Mas uma noite “Seu” Benu testemunhou um movimento diferente, que ele e os companheiros não entenderam, mas, por ter sido diferente, e pelo aconteceu depois, ele nunca esqueceu, mas também pouco comentou com ninguém, uma das únicas pessoas que tenha relatado foi a mim, numa conversa sua casa.
“O Tupana, o barco que estávamos viajando chegou dois dias antes e depois de descarregar ficamos com uma folga, esperando acabar de carregar para descermos o rio e voltarmos a Manaus. Naquela noite o barco “Madeira-Mamoré”, que pertencia à ferrovia, estava estacionado no píer, e nós atracamos na ponta”.
“Durante a noite houve uma grande movimentação de carregadores deixando coisas, e de gente bem vestida, falando uma língua estrangeiras, embarcando. Lá pela madrugada o barco soltou as amarras e partiu. Nós vimos mas não entendemos nada”.
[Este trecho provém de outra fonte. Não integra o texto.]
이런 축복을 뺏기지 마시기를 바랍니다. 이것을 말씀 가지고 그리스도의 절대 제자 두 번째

Na manhã seguinte, sem querer, e sem entender nada, o itacoatiarense Bernardino Nogueira de Souza viu que a cidade estava diferente. A usina de luz não funcionava, não havia gelo para os barcos e os trens não apitaram na festa para a saída, como faziam sempre, às cinco e meia ou seis da manhã. Estava tudo parado, os trabalhadores e a população circulavam sem entender nada.
“Só no dia anterior à nossa saída, soubemos que uma pessoa chamada Aluízio Ferreira recebera ordem para assumir a direção da Estrada de Ferro. Eu nem conheci essa pessoa, porque na noite daquele dia nós desatracamos e quando voltei a Porto Velho o trem tinha retomado a funcionar”.
“Seu” Benu só retornaria a Porto Velho mais de um século depois, agora viajando pela BR-319, com uma comitiva de membros do Movimento de Rehabilitação dos Hansenianos, Morhan, entidade que participou depois de muitos anos atuando como voluntário no atendimento aos internos do hospital de Paricatuba.